→ Requirement
State how many lines in the listing below contain the word "circle", and write nothing else.

Input records START

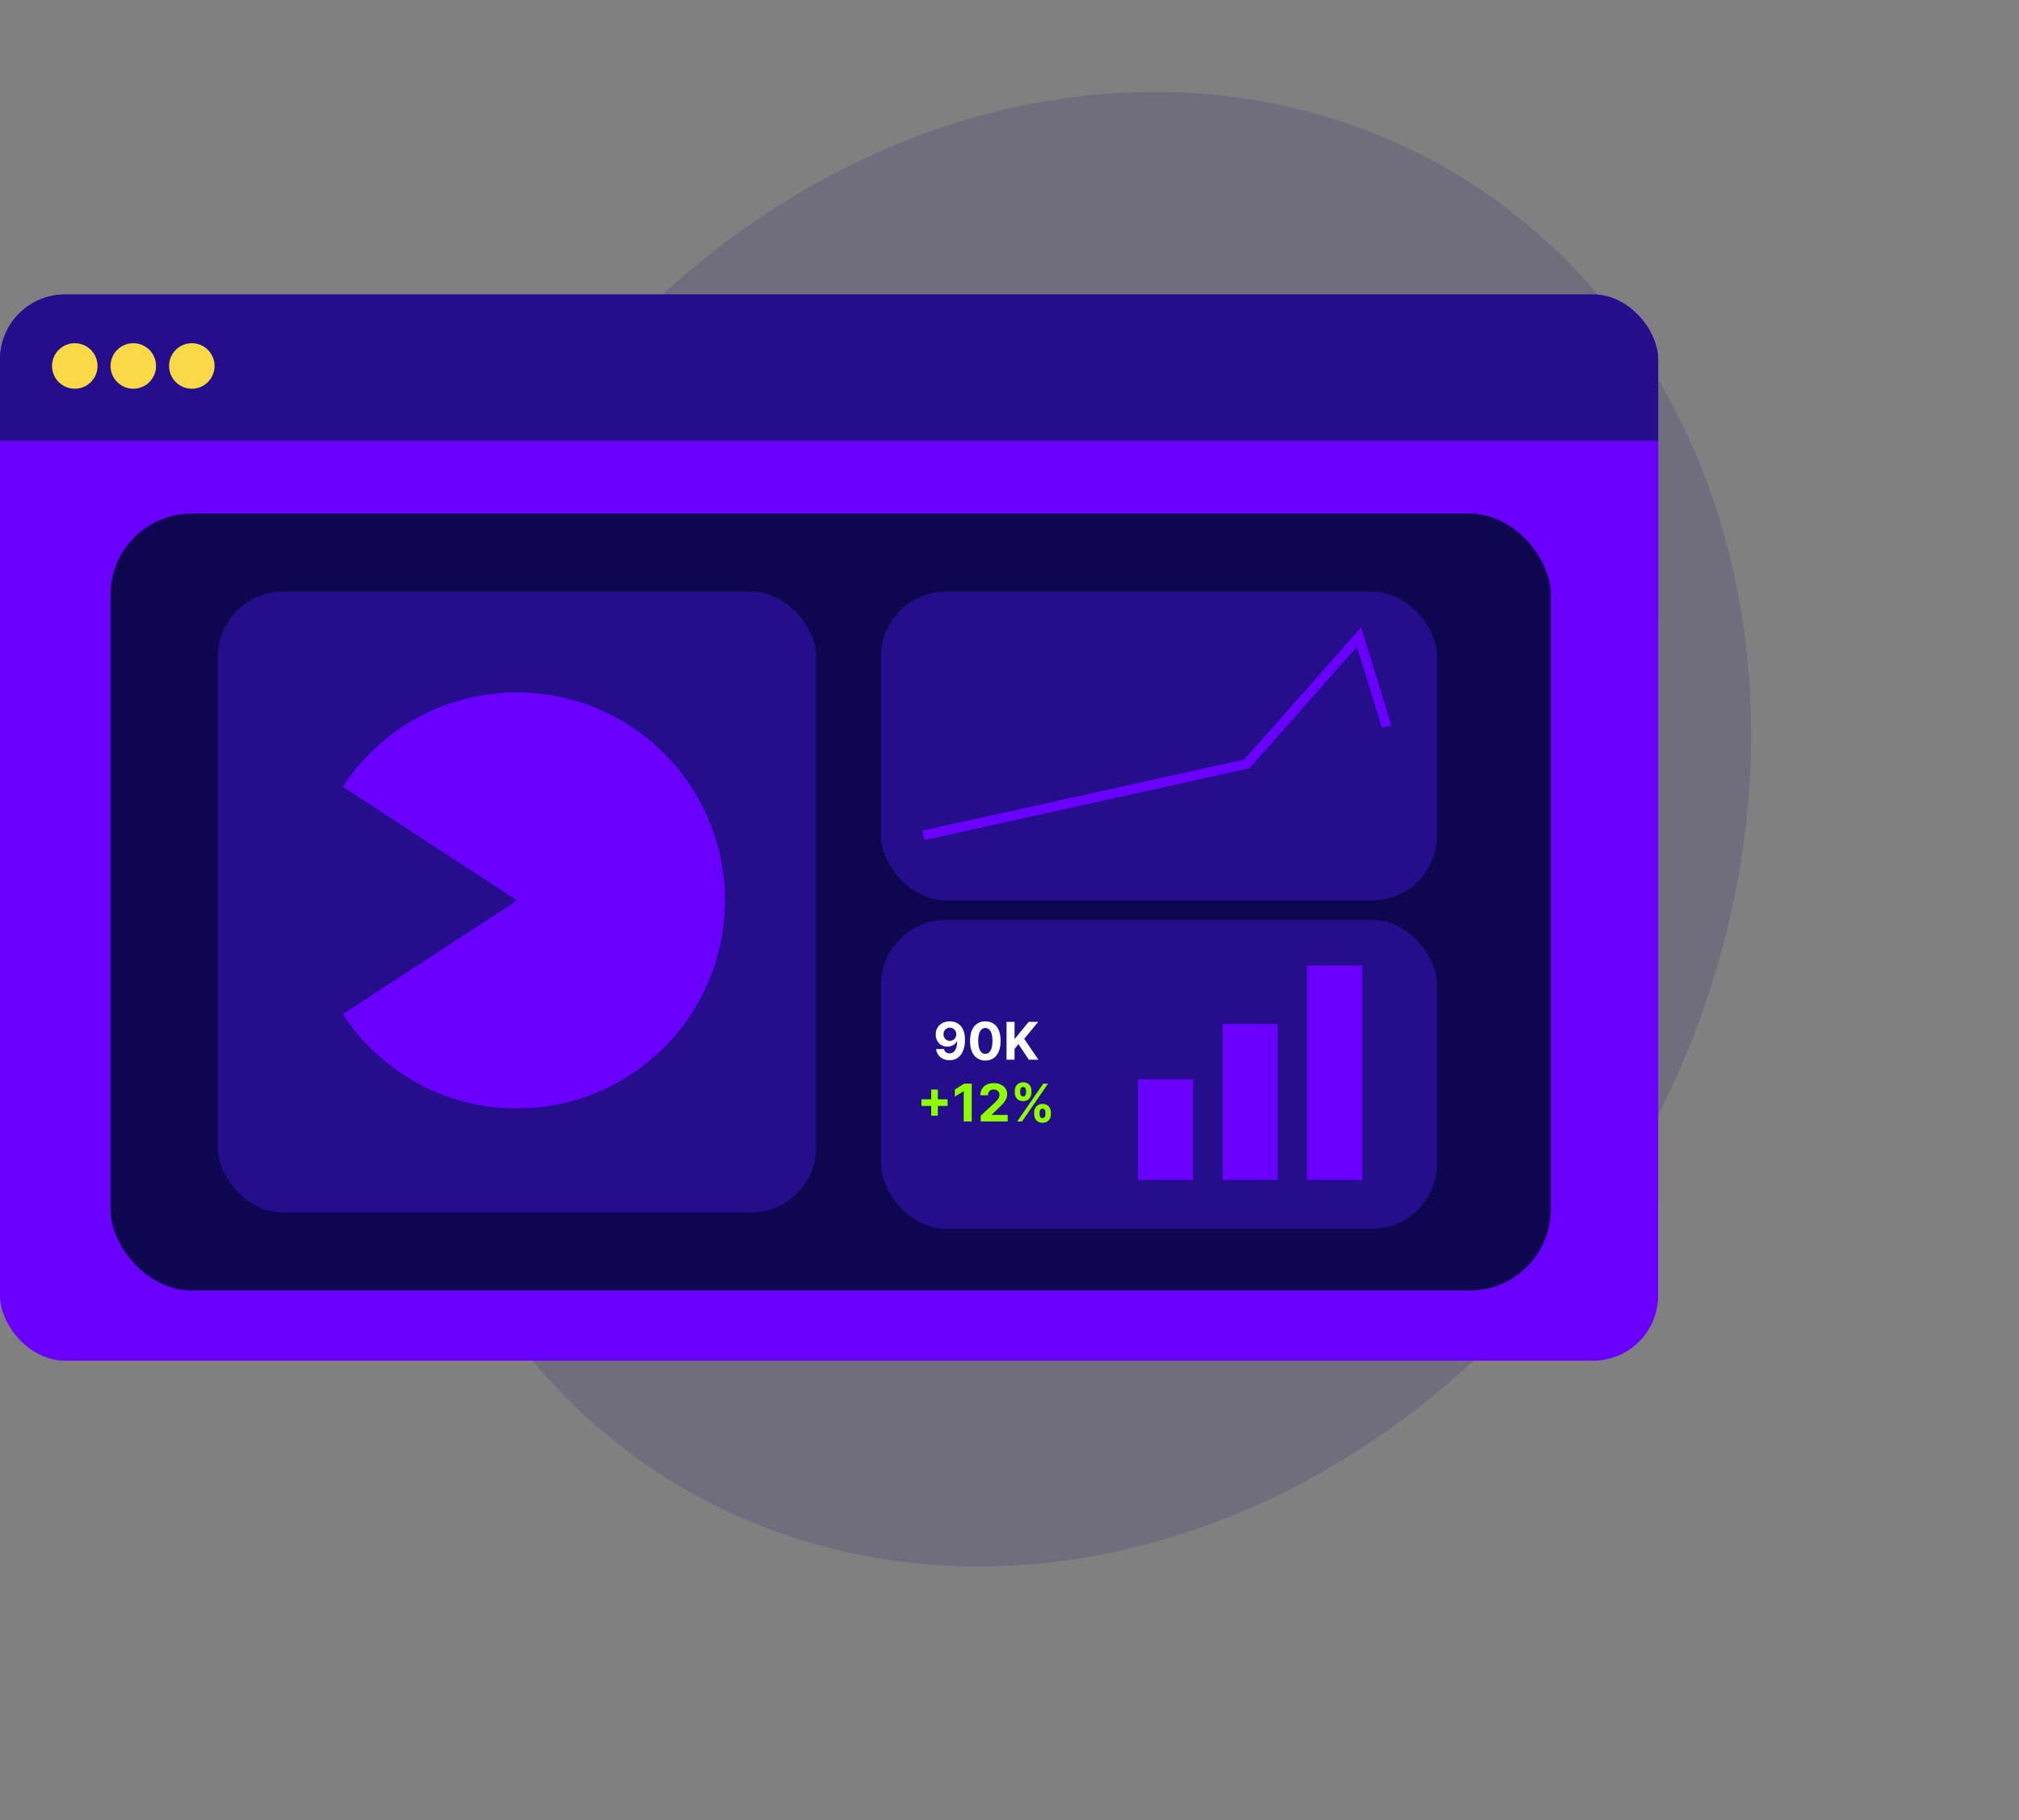 <svg width="621" height="560" viewBox="0 0 621 560" fill="none" xmlns="http://www.w3.org/2000/svg">
<rect x="0" y="0" width="621" height="560" fill="#808080" stroke="none"/>
<ellipse cx="328" cy="255.083" rx="202" ry="234.5" transform="rotate(30 328 255.083)" fill="#140666" fill-opacity="0.15"/>
<rect y="90.583" width="510" height="328" rx="20" fill="#6900FF"/>
<rect y="90.583" width="510" height="118" rx="20" fill="#240E8C"/>
<rect y="135.583" width="510" height="234" fill="#6900FF"/>
<circle cx="23" cy="112.583" r="7" fill="#FAD949"/>
<circle cx="41" cy="112.583" r="7" fill="#FAD949"/>
<circle cx="59" cy="112.583" r="7" fill="#FAD949"/>
<rect x="34" y="158" width="443" height="239" rx="25" fill="#0E074F"/>
<rect x="67" y="182" width="184" height="191" rx="20" fill="#240E8C"/>
<rect x="271" y="182" width="171" height="95" rx="20" fill="#240E8C"/>
<rect x="271" y="283" width="171" height="95" rx="20" fill="#240E8C"/>
<circle cx="159" cy="277" r="64" fill="#6900FF"/>
<path d="M284 257L383.5 235L418 196L426.5 223.5" stroke="#6900FF" stroke-width="3"/>
<path d="M292.153 314.205C292.752 314.205 293.328 314.305 293.881 314.506C294.438 314.706 294.934 315.027 295.369 315.466C295.809 315.905 296.155 316.489 296.409 317.216C296.667 317.939 296.797 318.828 296.801 319.881C296.801 320.869 296.689 321.752 296.466 322.528C296.246 323.301 295.93 323.958 295.517 324.5C295.104 325.042 294.606 325.455 294.023 325.739C293.439 326.019 292.788 326.159 292.068 326.159C291.292 326.159 290.606 326.009 290.011 325.71C289.417 325.407 288.938 324.996 288.574 324.477C288.214 323.955 287.996 323.367 287.92 322.716H290.347C290.441 323.14 290.64 323.47 290.943 323.705C291.246 323.936 291.621 324.051 292.068 324.051C292.826 324.051 293.402 323.722 293.795 323.062C294.189 322.4 294.388 321.492 294.392 320.341H294.312C294.138 320.682 293.903 320.975 293.608 321.222C293.313 321.464 292.973 321.652 292.591 321.784C292.212 321.917 291.809 321.983 291.381 321.983C290.695 321.983 290.083 321.822 289.545 321.5C289.008 321.178 288.583 320.735 288.273 320.17C287.962 319.606 287.807 318.962 287.807 318.239C287.803 317.458 287.983 316.763 288.347 316.153C288.71 315.544 289.218 315.066 289.869 314.722C290.525 314.373 291.286 314.201 292.153 314.205ZM292.17 316.136C291.788 316.136 291.447 316.227 291.148 316.409C290.852 316.591 290.617 316.835 290.443 317.142C290.273 317.449 290.189 317.792 290.193 318.17C290.193 318.553 290.277 318.898 290.443 319.205C290.614 319.508 290.845 319.75 291.136 319.932C291.432 320.11 291.769 320.199 292.148 320.199C292.432 320.199 292.695 320.146 292.938 320.04C293.18 319.934 293.39 319.788 293.568 319.602C293.75 319.413 293.892 319.195 293.994 318.949C294.097 318.703 294.148 318.441 294.148 318.165C294.144 317.797 294.057 317.46 293.886 317.153C293.716 316.847 293.481 316.6 293.182 316.415C292.883 316.229 292.545 316.136 292.17 316.136ZM303.068 326.256C302.091 326.252 301.25 326.011 300.545 325.534C299.845 325.057 299.305 324.366 298.926 323.46C298.551 322.555 298.366 321.466 298.369 320.193C298.369 318.924 298.557 317.843 298.932 316.949C299.311 316.055 299.85 315.375 300.551 314.909C301.256 314.439 302.095 314.205 303.068 314.205C304.042 314.205 304.879 314.439 305.58 314.909C306.284 315.379 306.826 316.061 307.205 316.955C307.583 317.845 307.771 318.924 307.767 320.193C307.767 321.47 307.578 322.561 307.199 323.466C306.824 324.371 306.286 325.062 305.585 325.54C304.884 326.017 304.045 326.256 303.068 326.256ZM303.068 324.216C303.735 324.216 304.267 323.881 304.665 323.21C305.063 322.54 305.259 321.534 305.256 320.193C305.256 319.311 305.165 318.576 304.983 317.989C304.805 317.402 304.551 316.96 304.222 316.665C303.896 316.369 303.511 316.222 303.068 316.222C302.405 316.222 301.875 316.553 301.477 317.216C301.08 317.879 300.879 318.871 300.875 320.193C300.875 321.087 300.964 321.833 301.142 322.432C301.324 323.027 301.58 323.473 301.909 323.773C302.239 324.068 302.625 324.216 303.068 324.216ZM309.589 326V314.364H312.05V319.494H312.203L316.391 314.364H319.339L315.021 319.574L319.391 326H316.447L313.26 321.216L312.05 322.693V326H309.589Z" fill="white"/>
<path d="M286.42 343.227V335.182H288.455V343.227H286.42ZM283.415 340.222V338.188H291.46V340.222H283.415ZM298.881 333.364V345H296.42V335.699H296.352L293.688 337.369V335.188L296.568 333.364H298.881ZM301.646 345V343.227L305.788 339.392C306.141 339.051 306.436 338.744 306.675 338.472C306.917 338.199 307.101 337.932 307.226 337.67C307.351 337.405 307.413 337.119 307.413 336.812C307.413 336.472 307.336 336.178 307.18 335.932C307.025 335.682 306.813 335.491 306.544 335.358C306.275 335.222 305.97 335.153 305.629 335.153C305.273 335.153 304.963 335.225 304.697 335.369C304.432 335.513 304.228 335.72 304.084 335.989C303.94 336.258 303.868 336.578 303.868 336.949H301.533C301.533 336.187 301.705 335.527 302.05 334.966C302.394 334.405 302.877 333.972 303.499 333.665C304.12 333.358 304.836 333.205 305.646 333.205C306.48 333.205 307.205 333.352 307.822 333.648C308.444 333.939 308.927 334.345 309.271 334.864C309.616 335.383 309.788 335.977 309.788 336.648C309.788 337.087 309.701 337.521 309.527 337.949C309.357 338.377 309.052 338.852 308.612 339.375C308.173 339.894 307.554 340.517 306.754 341.244L305.055 342.909V342.989H309.942V345H301.646ZM318.094 342.818V342.205C318.094 341.739 318.192 341.311 318.389 340.92C318.59 340.527 318.88 340.212 319.259 339.977C319.641 339.739 320.107 339.619 320.656 339.619C321.213 339.619 321.681 339.737 322.06 339.972C322.442 340.206 322.73 340.521 322.923 340.915C323.12 341.305 323.219 341.735 323.219 342.205V342.818C323.219 343.284 323.12 343.714 322.923 344.108C322.726 344.498 322.437 344.811 322.054 345.045C321.671 345.284 321.205 345.403 320.656 345.403C320.099 345.403 319.632 345.284 319.253 345.045C318.874 344.811 318.586 344.498 318.389 344.108C318.192 343.714 318.094 343.284 318.094 342.818ZM319.747 342.205V342.818C319.747 343.087 319.812 343.341 319.94 343.58C320.073 343.818 320.312 343.938 320.656 343.938C321.001 343.938 321.236 343.82 321.361 343.585C321.49 343.35 321.554 343.095 321.554 342.818V342.205C321.554 341.928 321.493 341.67 321.372 341.432C321.251 341.193 321.012 341.074 320.656 341.074C320.315 341.074 320.079 341.193 319.946 341.432C319.813 341.67 319.747 341.928 319.747 342.205ZM312.122 336.159V335.545C312.122 335.076 312.223 334.646 312.423 334.256C312.624 333.862 312.914 333.547 313.293 333.312C313.675 333.078 314.137 332.96 314.679 332.96C315.24 332.96 315.709 333.078 316.088 333.312C316.467 333.547 316.755 333.862 316.952 334.256C317.149 334.646 317.247 335.076 317.247 335.545V336.159C317.247 336.629 317.147 337.059 316.946 337.449C316.749 337.839 316.459 338.152 316.077 338.386C315.698 338.617 315.232 338.733 314.679 338.733C314.126 338.733 313.658 338.616 313.276 338.381C312.897 338.142 312.609 337.83 312.412 337.443C312.219 337.053 312.122 336.625 312.122 336.159ZM313.787 335.545V336.159C313.787 336.436 313.851 336.691 313.98 336.926C314.113 337.161 314.346 337.278 314.679 337.278C315.027 337.278 315.264 337.161 315.389 336.926C315.518 336.691 315.582 336.436 315.582 336.159V335.545C315.582 335.269 315.522 335.011 315.401 334.773C315.279 334.534 315.039 334.415 314.679 334.415C314.342 334.415 314.109 334.536 313.98 334.778C313.851 335.021 313.787 335.277 313.787 335.545ZM312.872 345L320.872 333.364H322.361L314.361 345H312.872Z" fill="#8FFF00"/>
<rect x="376" y="315" width="17" height="48" fill="#6900FF"/>
<rect x="402" y="297" width="17" height="66" fill="#6900FF"/>
<rect x="350" y="332" width="17" height="31" fill="#6900FF"/>
<path d="M159 277L90 322.033V231.967L159 277Z" fill="#240E8C"/>
</svg>

Input records END

→ Completed task
4